Location: Heading Northwest In Nevada
8,952 posts, read 20,372,776 times
Reputation: 5654
One thing I do want to let everyone know that reads this thread:

I totally support my wife in whatever decision she makes about looking for another full-time job or taking on a temp one. With the right job, in which she's really not sure if this is the right job for her anymore, but if they end up keeping her for ? weeks/months, she will continue doing the best she can. And, not getting any pressure, from a new job, about "job performance" things, she could and wants to, continue working. What can I say.....unlike me, the lady loves to work!

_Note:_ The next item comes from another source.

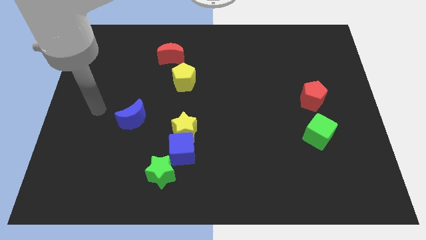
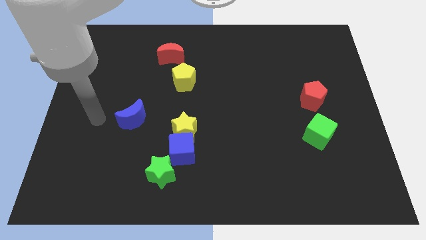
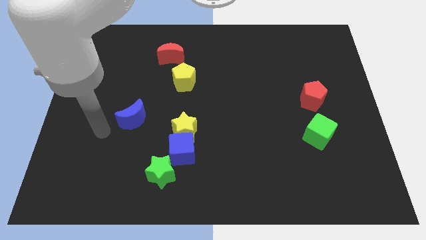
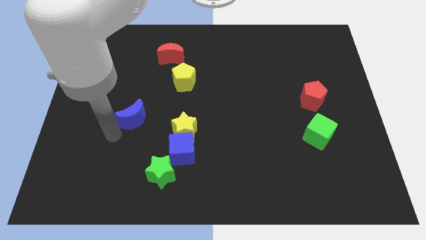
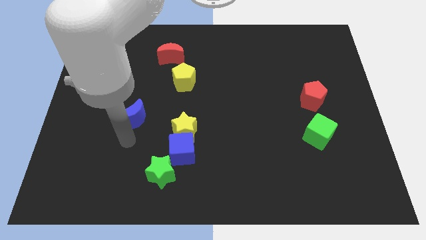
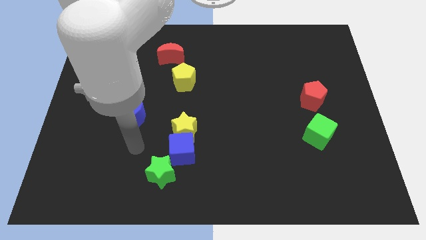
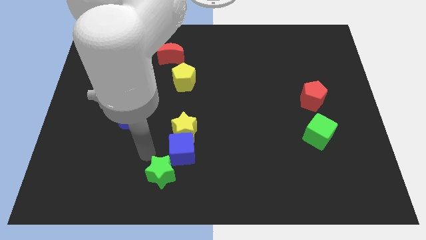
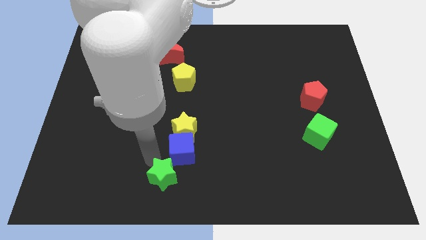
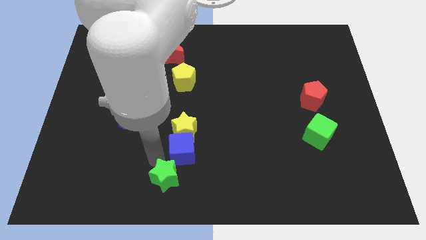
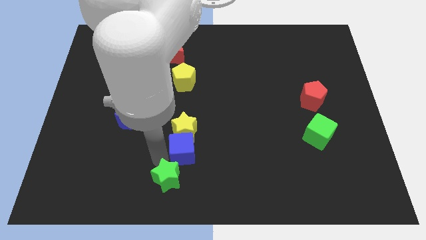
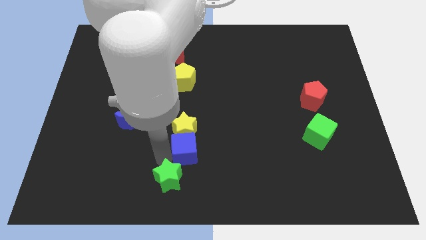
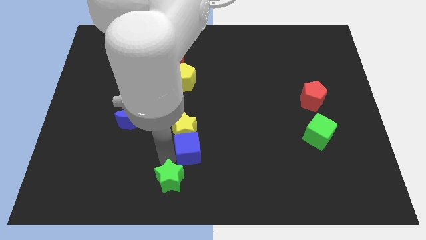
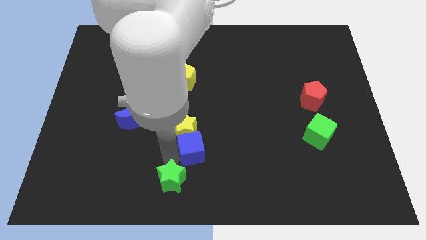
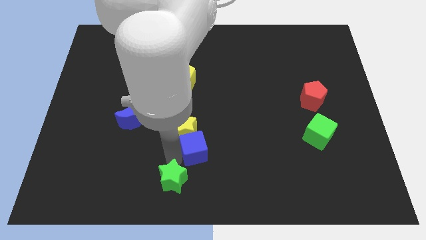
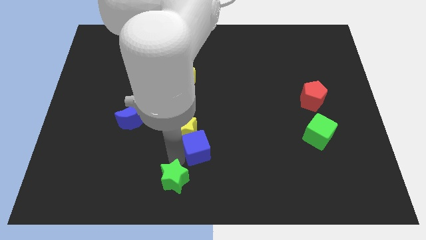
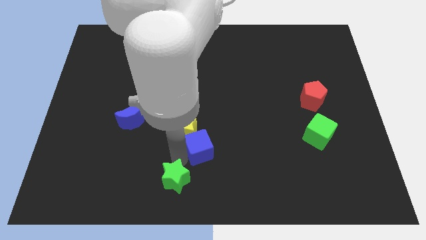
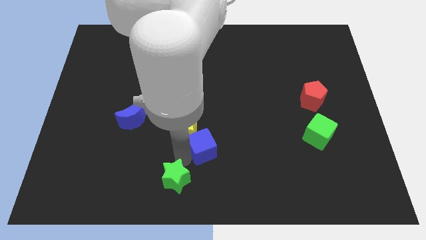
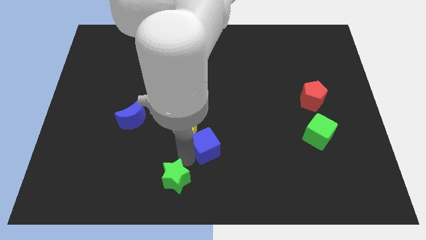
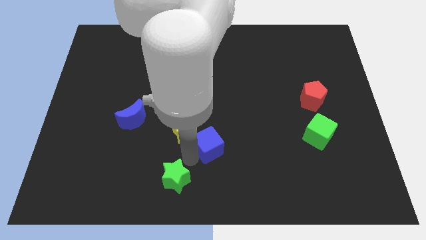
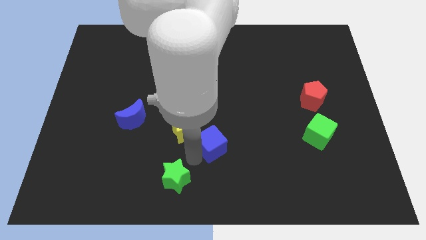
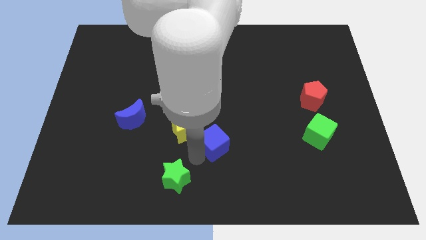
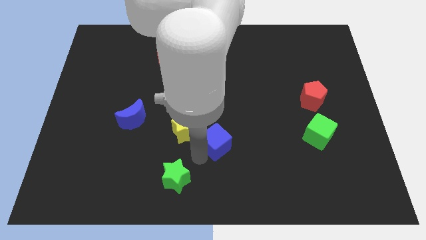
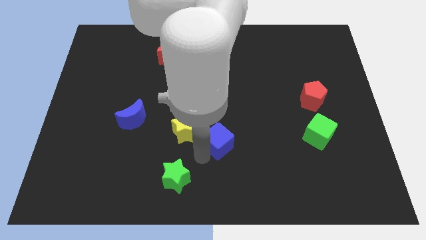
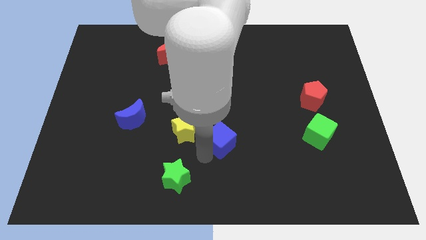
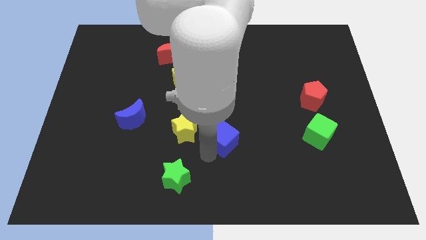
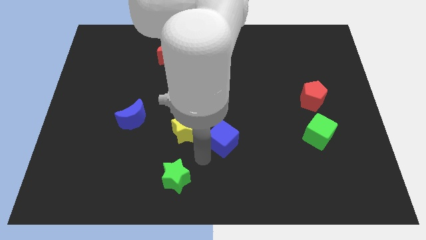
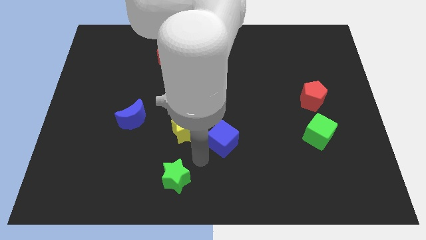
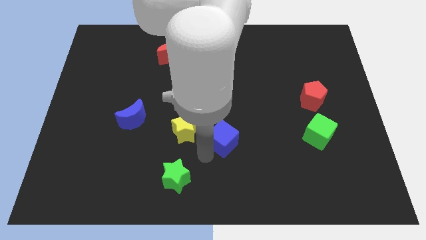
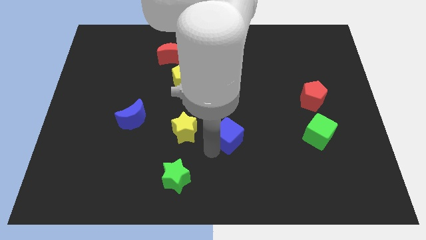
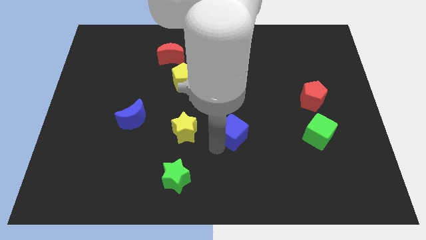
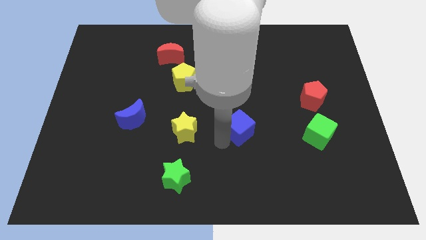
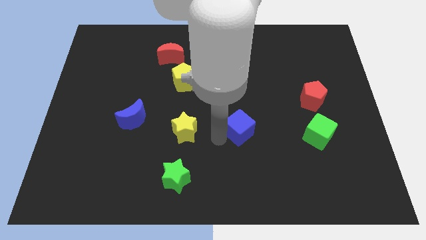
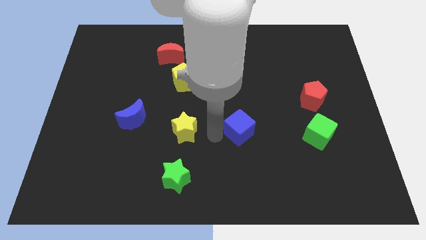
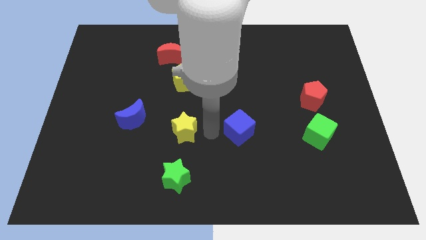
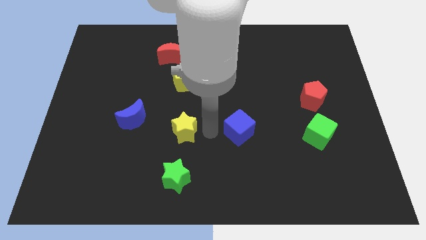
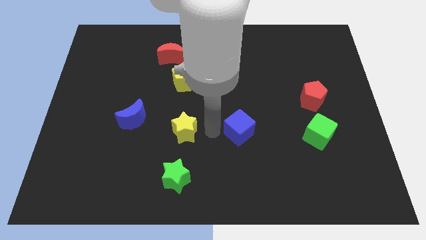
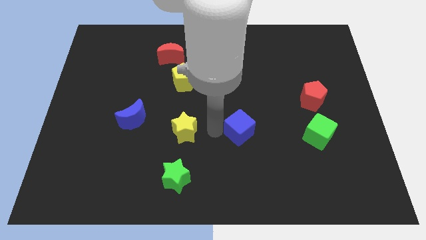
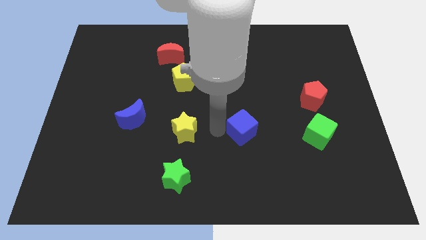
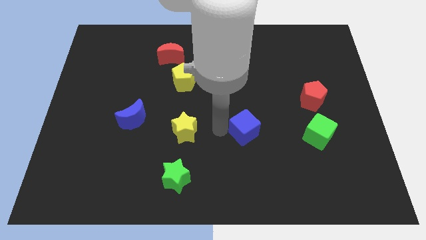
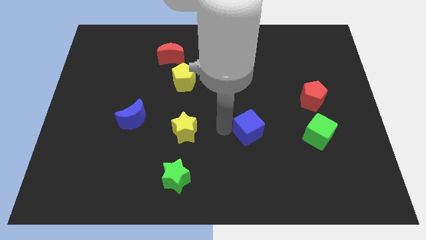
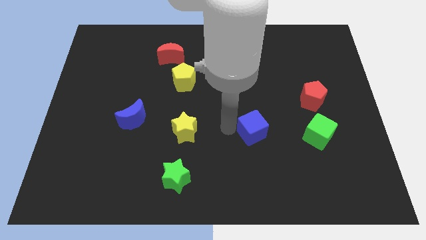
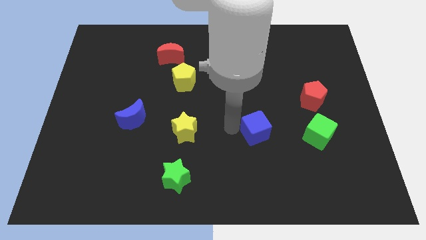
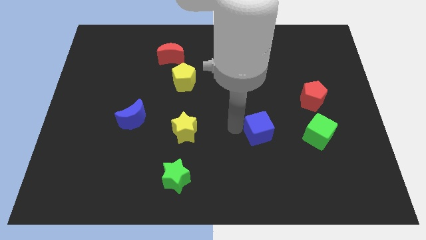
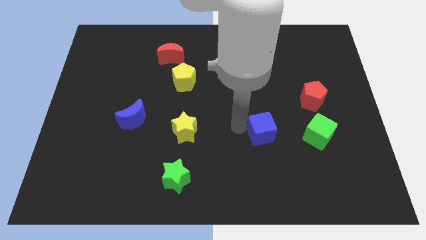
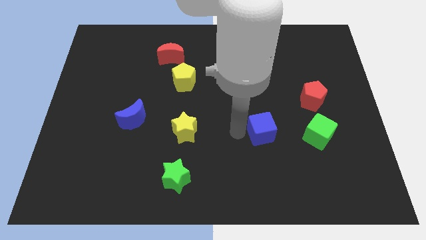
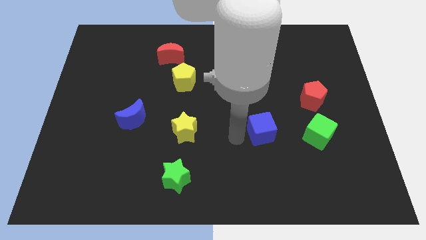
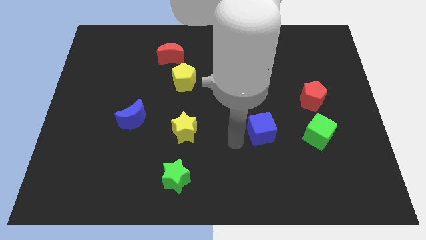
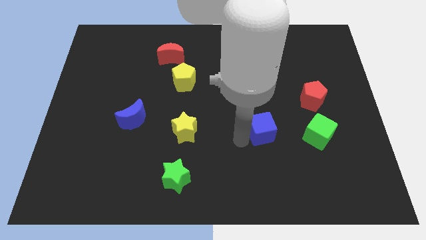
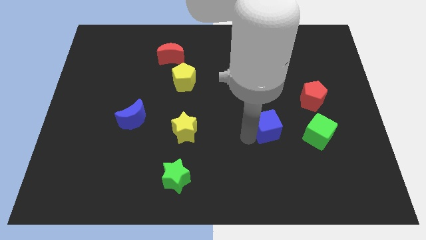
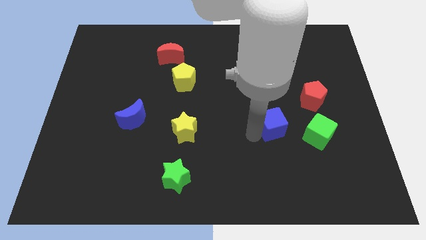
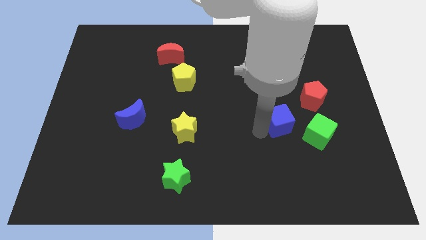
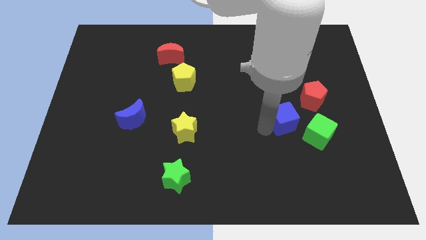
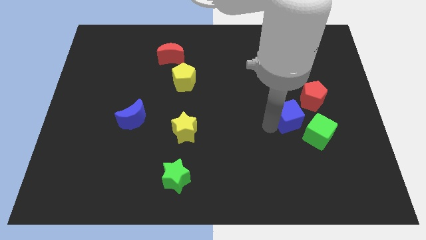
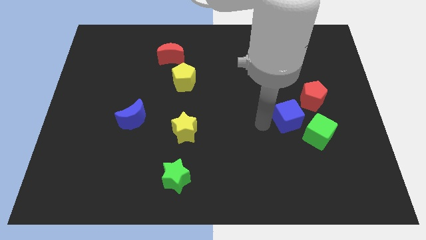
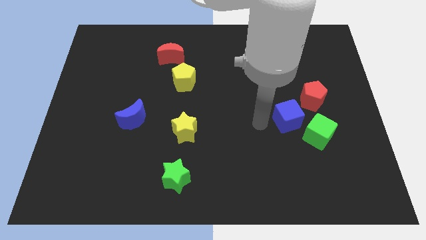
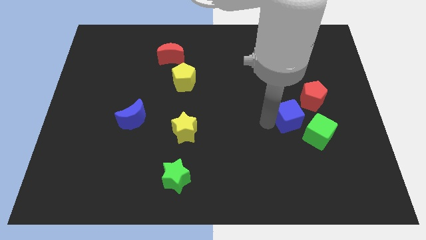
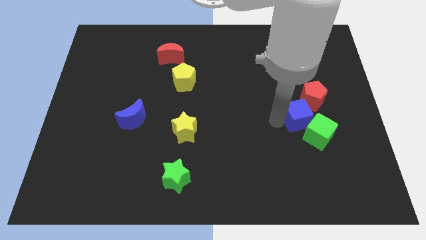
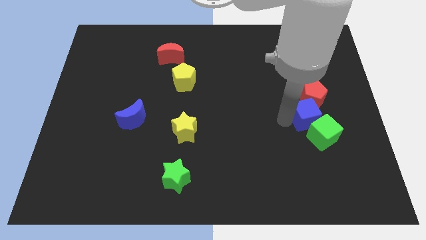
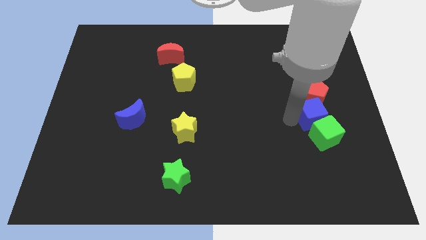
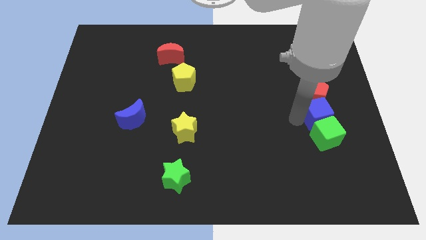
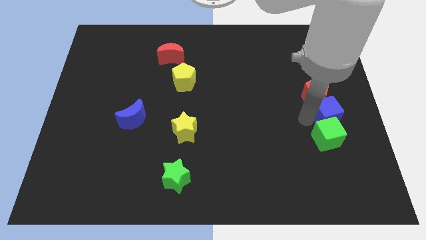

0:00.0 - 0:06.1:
slide the blue cube to the right side

As for me, she completely understands how much of a problem I had getting another job after we quit our jobs in Colorado and moved due to winter weather that finally got the best of both of us. She has the University degree and I have none. Her resume looks much more "educated" than mine does! I enjoy staying at home and doing the things that need to be done at home (laundry/dishes/etc.) than I do working........and she totally supports my feelings. She also knows the physical "limitations" I have from the surgeries that I've had and fully supports my feelings about what type of job I'd want if I wanted to go back to work. It may just come down to me getting a part-time job, but she'd rather have me at home taking care of things. Some ladies would take this as being a "weak lady" towards me, but that's just her personality.

Anyway, I just wanted to add this in, because I was seeing some replies hinting at how our marriage/our personalities are concerning working.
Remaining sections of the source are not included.